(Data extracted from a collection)
● ● ● ●
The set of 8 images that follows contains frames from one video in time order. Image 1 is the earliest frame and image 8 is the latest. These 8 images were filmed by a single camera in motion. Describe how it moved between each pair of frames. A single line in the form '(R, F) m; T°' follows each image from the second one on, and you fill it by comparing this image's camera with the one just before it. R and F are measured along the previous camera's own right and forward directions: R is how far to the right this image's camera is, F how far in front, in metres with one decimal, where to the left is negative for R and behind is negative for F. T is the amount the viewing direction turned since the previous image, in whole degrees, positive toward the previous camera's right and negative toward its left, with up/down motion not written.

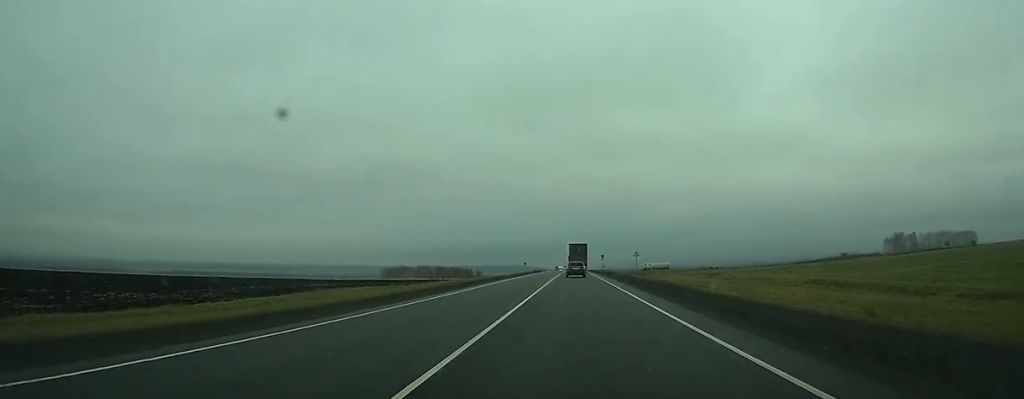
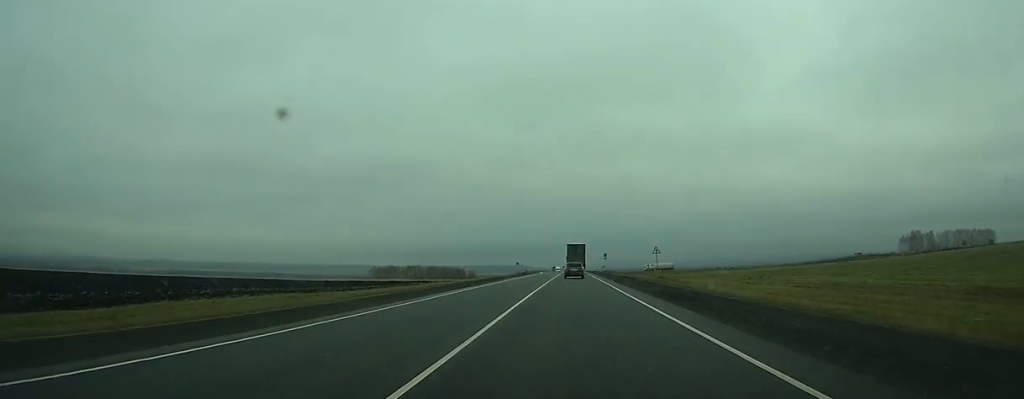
(0.0, +21.6) m; 0°
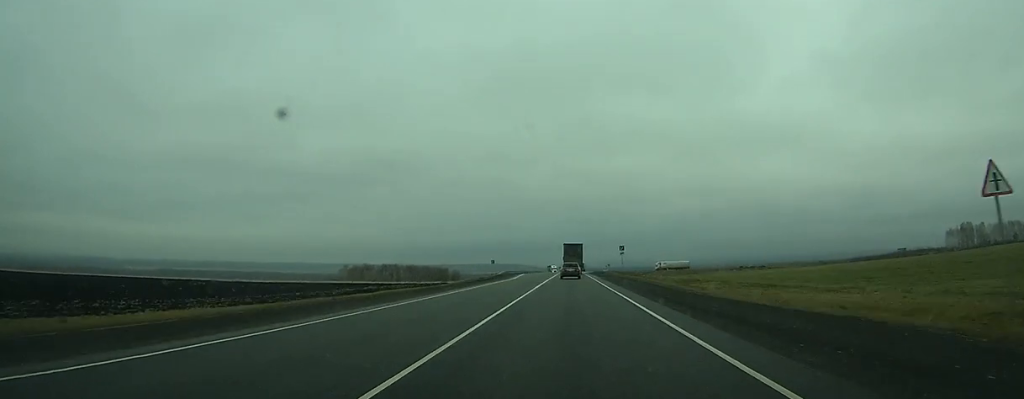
(+0.1, +49.5) m; 0°
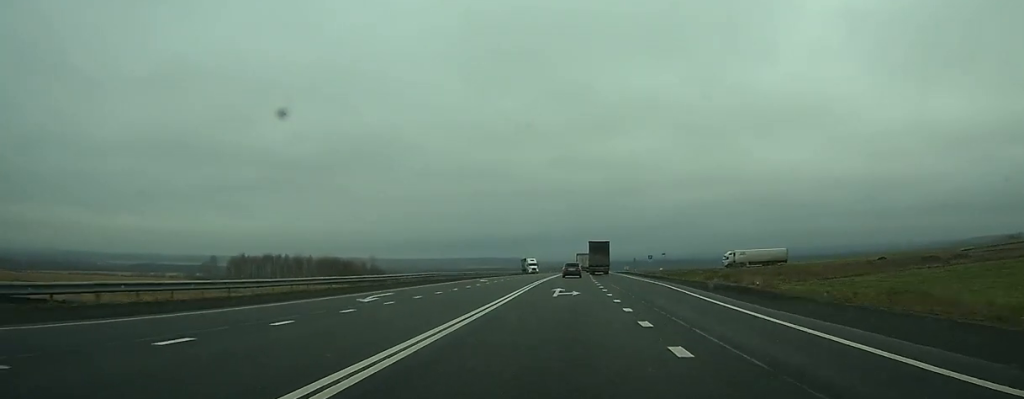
(+0.4, +142.7) m; +1°
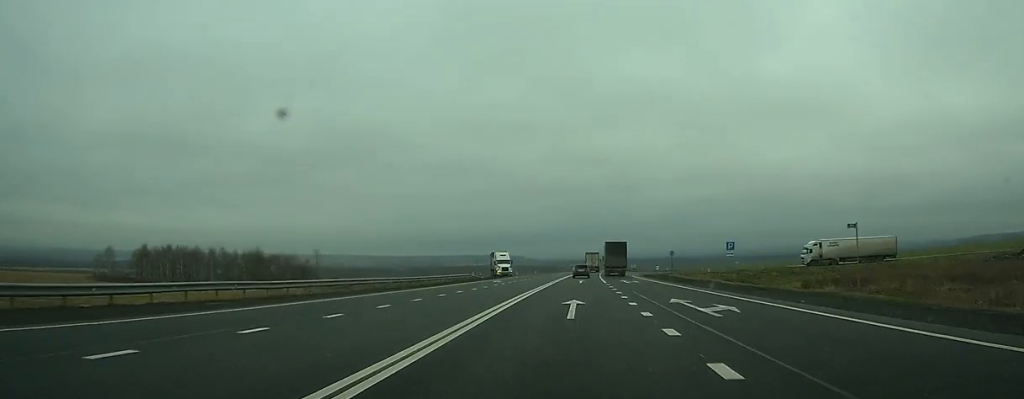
(+0.3, +59.7) m; 0°
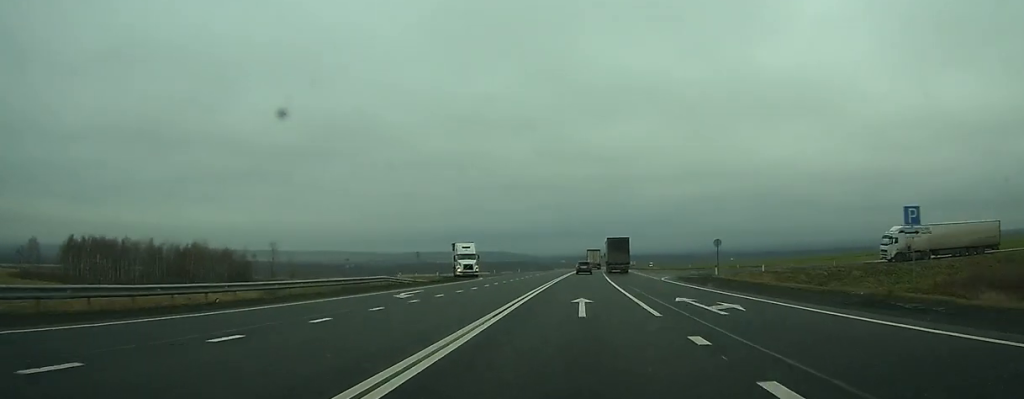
(0.0, +29.8) m; +1°
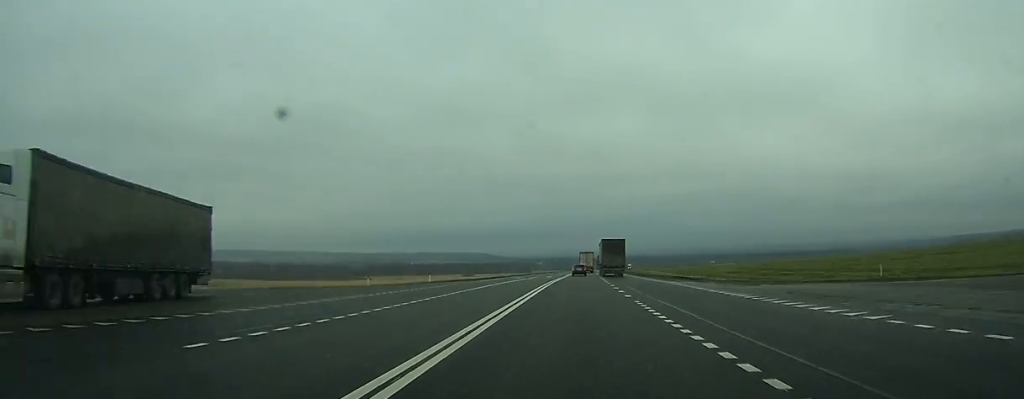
(+0.8, +61.3) m; +2°
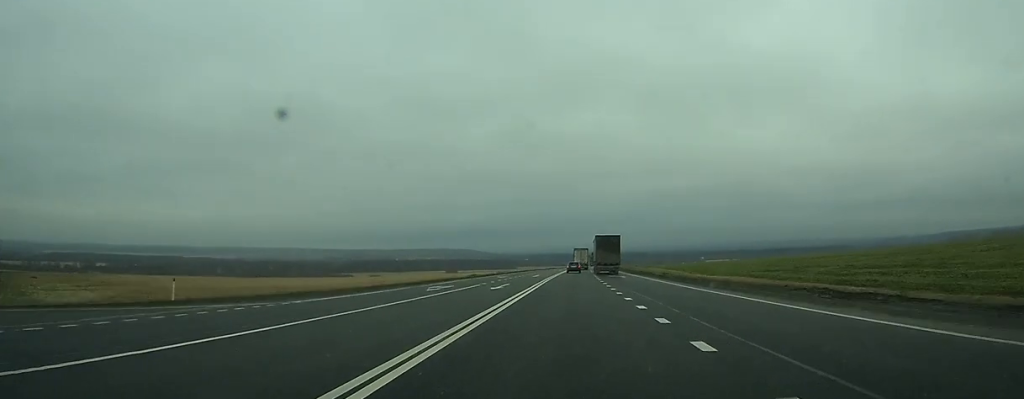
(+0.5, +38.6) m; +1°
● ● ● ●
__TASK GOAL__
Output the records verbatim without pictures.

__FINISHED EXERCISE__
The set of 8 images that follows contains frames from one video in time order. Image 1 is the earliest frame and image 8 is the latest. These 8 images were filmed by a single camera in motion. Describe how it moved between each pair of frames. A single line in the form '(R, F) m; T°' follows each image from the second one on, and you fill it by comparing this image's camera with the one just before it. R and F are measured along the previous camera's own right and forward directions: R is how far to the right this image's camera is, F how far in front, in metres with one decimal, where to the left is negative for R and behind is negative for F. T is the amount the viewing direction turned since the previous image, in whole degrees, positive toward the previous camera's right and negative toward its left, with up/down motion not written.

(0.0, +21.6) m; 0°
(+0.1, +49.5) m; 0°
(+0.4, +142.7) m; +1°
(+0.3, +59.7) m; 0°
(0.0, +29.8) m; +1°
(+0.8, +61.3) m; +2°
(+0.5, +38.6) m; +1°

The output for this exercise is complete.